Стремясь поквитаться с ним, отец изрек чуть не на крике – не столько громким, сколько дрожащим от гнева голосом:
– А я считаю, сразу видно, что вы – из тех подонков, которых мечет, как икру, этот отвратительный город, – вы и вся ваша порода сквернословов! – При этом он со скоростью света перешел на неумирающую риторику своих предков. – Презренный подлец – вот вы кто, культуры у вас не больше, чем у крысы из сточной канавы! Да в любом пристойном месте Соединенных Штатов такого, как вы, отравляющего воздух своим мерзким зловонием, вывели бы на площадь и выпороли бы! – Он слегка повысил голос; под ярко освещенным тентом «Макэлпина» стали останавливаться прохожие. – Но это место нельзя назвать ни пристойным, ни культурным, и тут вы вольны выливать помои на своих сограждан…
Поток его речи был прерван поспешным бегством Макгуайра, который, рванув машину, помчался вверх по проспекту. А отец, хватаясь за воздух, развернулся к тротуару, и я понял, что лишь сила завихрения толкнула его, как слепого, прямо на стальной столб с надписью «Стоянка запрещена», раздался глухой удар головы о столб – совсем как в мультфильме – и гулкое «бу-ум!». Но это было совсем не забавно. У меня мелькнула мысль, что дело может кончиться трагически.

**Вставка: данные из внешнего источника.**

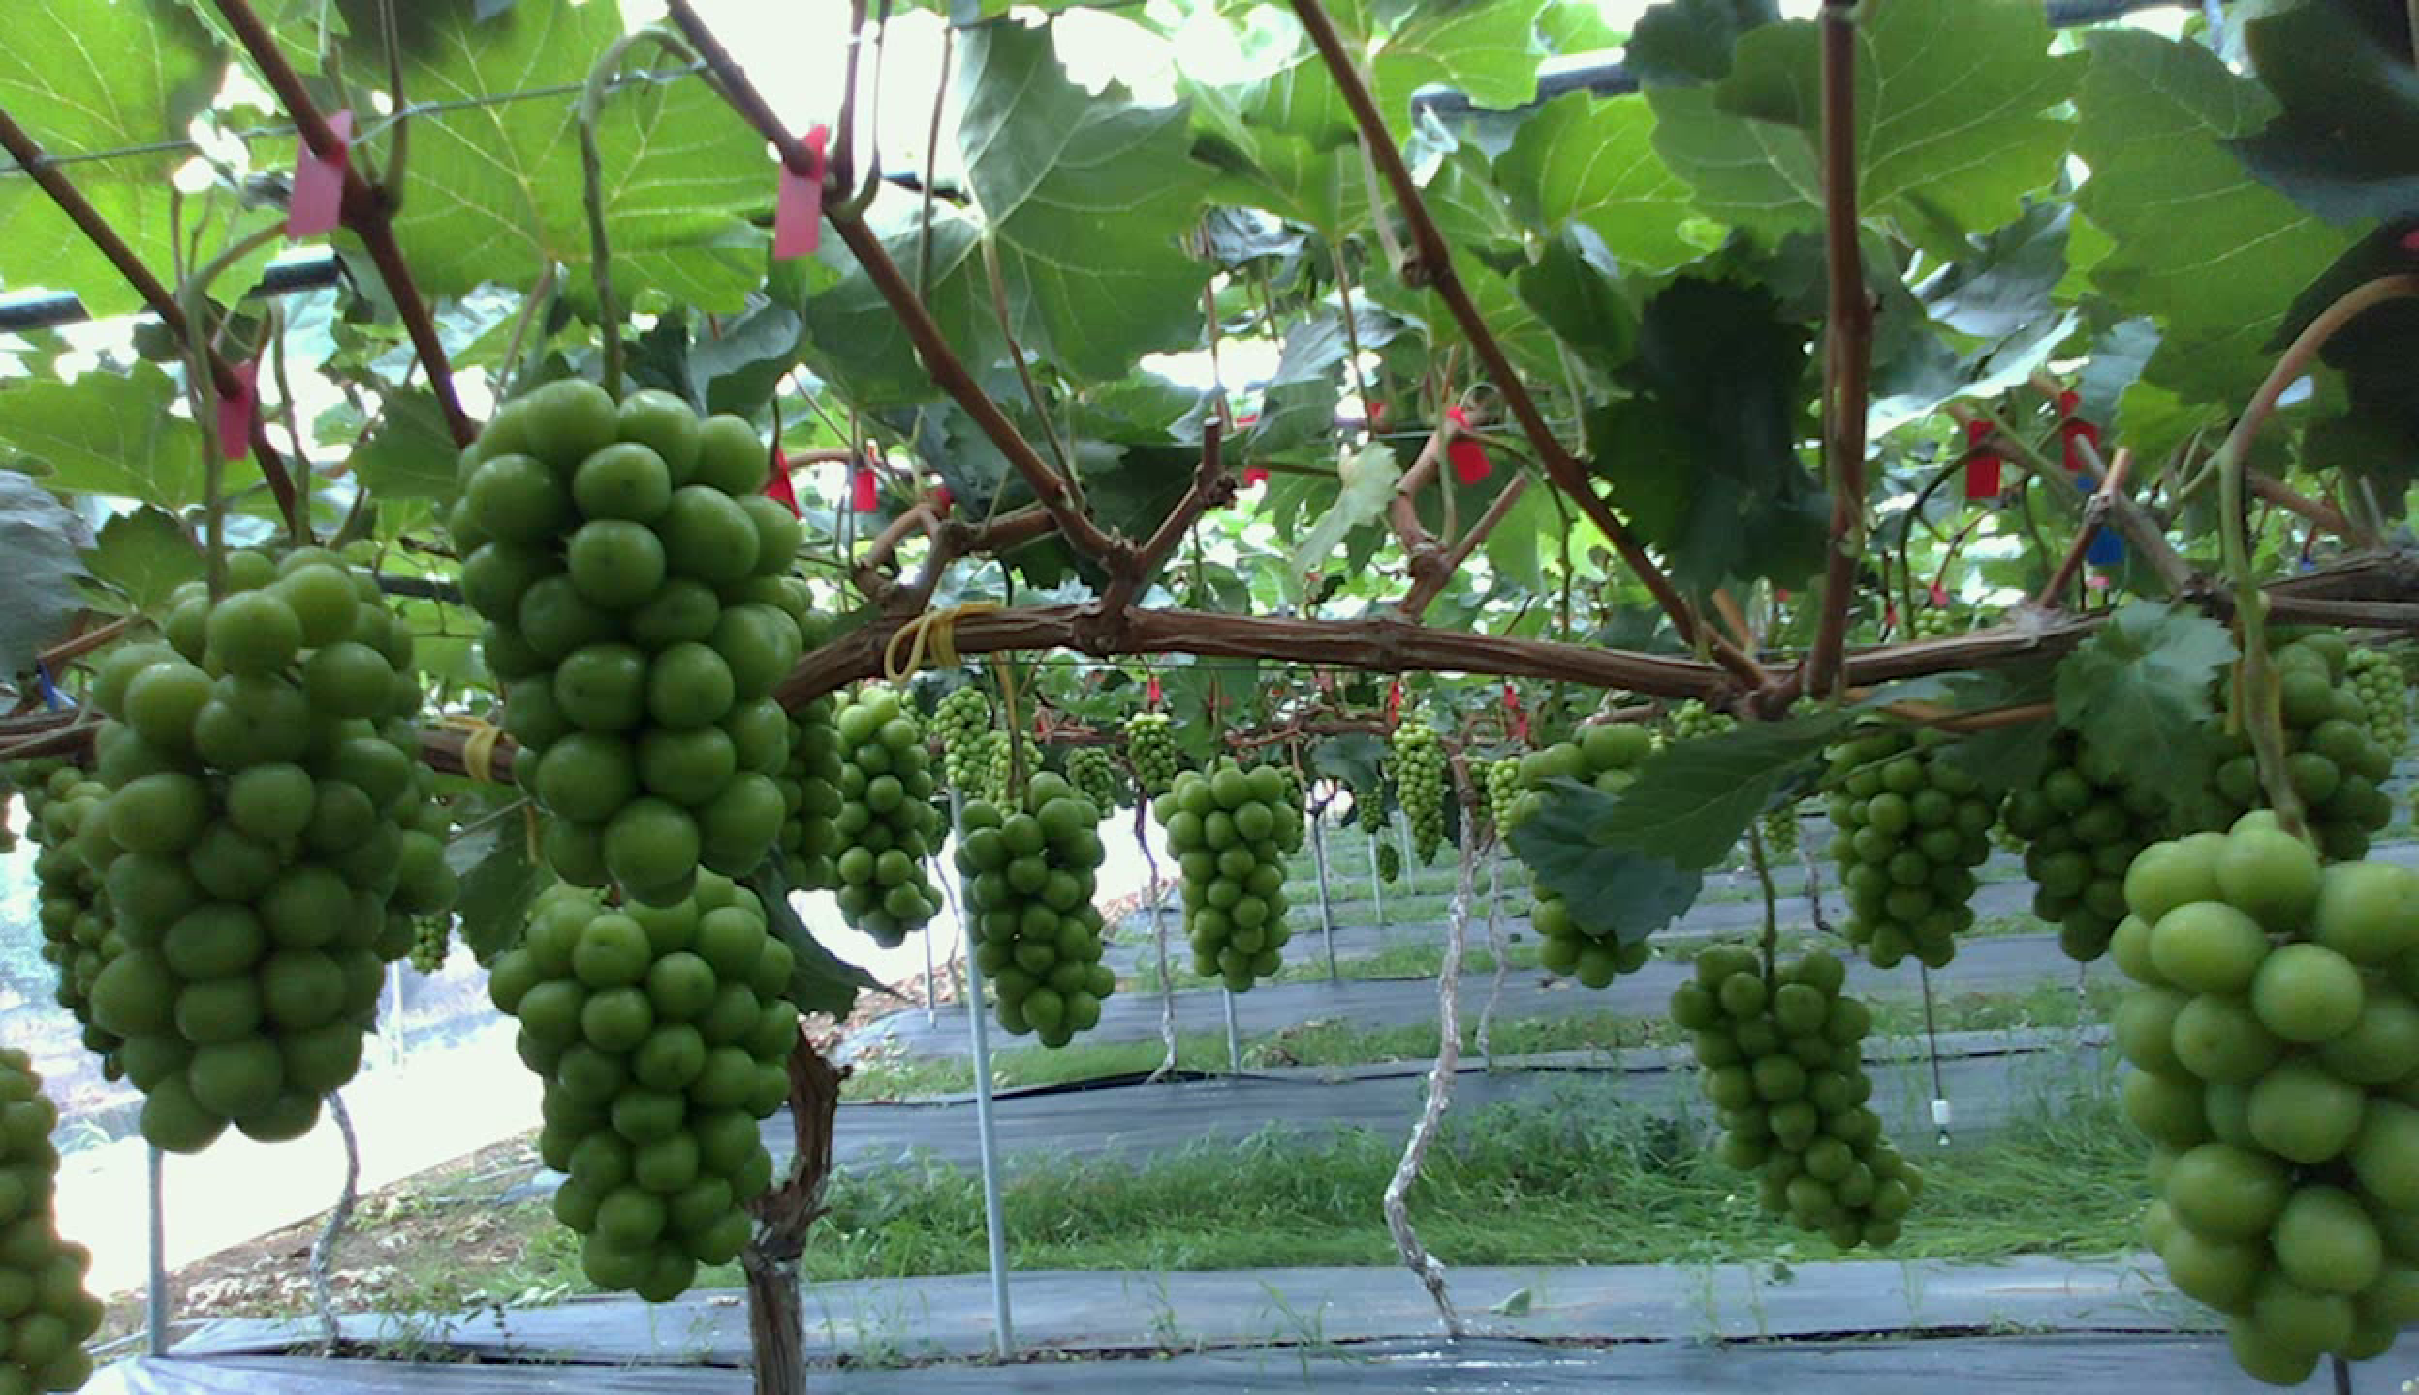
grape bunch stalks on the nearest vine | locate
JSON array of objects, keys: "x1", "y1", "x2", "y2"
[
  {"x1": 2188, "y1": 275, "x2": 2413, "y2": 835},
  {"x1": 580, "y1": 25, "x2": 698, "y2": 395},
  {"x1": 611, "y1": 891, "x2": 618, "y2": 907},
  {"x1": 182, "y1": 223, "x2": 283, "y2": 599}
]
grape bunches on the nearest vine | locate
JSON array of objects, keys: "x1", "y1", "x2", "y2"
[
  {"x1": 76, "y1": 542, "x2": 409, "y2": 1153},
  {"x1": 0, "y1": 1052, "x2": 99, "y2": 1393},
  {"x1": 2109, "y1": 810, "x2": 2417, "y2": 1387},
  {"x1": 450, "y1": 378, "x2": 802, "y2": 907},
  {"x1": 488, "y1": 874, "x2": 797, "y2": 1304}
]

Однако полчаса спустя он уже потягивал чистый бурбон и поносил «патент на добродетель», которым хвастается Север. Отец потерял немало крови, но по счастливой случайности «гостиничный врач» как раз бродил по вестибюлю «Макэлпина», когда я ввел туда жертву. С виду врач походил на жалкого алкоголика, но он знал, что надо делать, когда рассечена голова. С помощью холодной воды и пластыря кровотечение удалось наконец остановить, но не удалось стереть обиду, нанесенную старику. Переживая свое ранение, он сидел в сумеречном баре «Макэлпина» и по мере того, как опухоль закрывала ему глаз, все больше и больше походил на собственного отца, лишившегося глаза в Чанселлорсвилле лет восемьдесят тому назад; при этом он безостановочно, словно читая безнадежно унылую литанию, разносил Томаса Макгуайра. При всей образности его языка это становилось несколько утомительным, и я вдруг понял, что ярость старика вызвана не снобизмом и не стыдливостью – ведь он же работал в доках, а до того служил в торговом флоте, и слух его, уж конечно, привык к площадной брани, – а простым убеждением, что надо благовоспитанно и прилично вести себя на людях. «Ведь все мы – сограждане!» По сути дела, это было проявлением своего рода несостоявшегося эгалитаризма, чем, насколько я начинал понимать, в значительной мере и объяснялось то, что отец держался так обособленно. Попросту говоря, с его точки зрения, люди, неспособные общаться на человеческом языке, перечеркивают свое равенство друг с другом. Поуспокоившись, он наконец отвязался от Макгуайра и со всей силой своей предубежденности стал поносить многогранные пороки и недостатки Севера вообще: его самонадеянность, его ханжескую претензию на моральное превосходство. Я вдруг понял, что Реконструкция еще почти не коснулась этого типичного южанина, и был поражен, что это, похоже, никак не противоречило его исконному либерализму.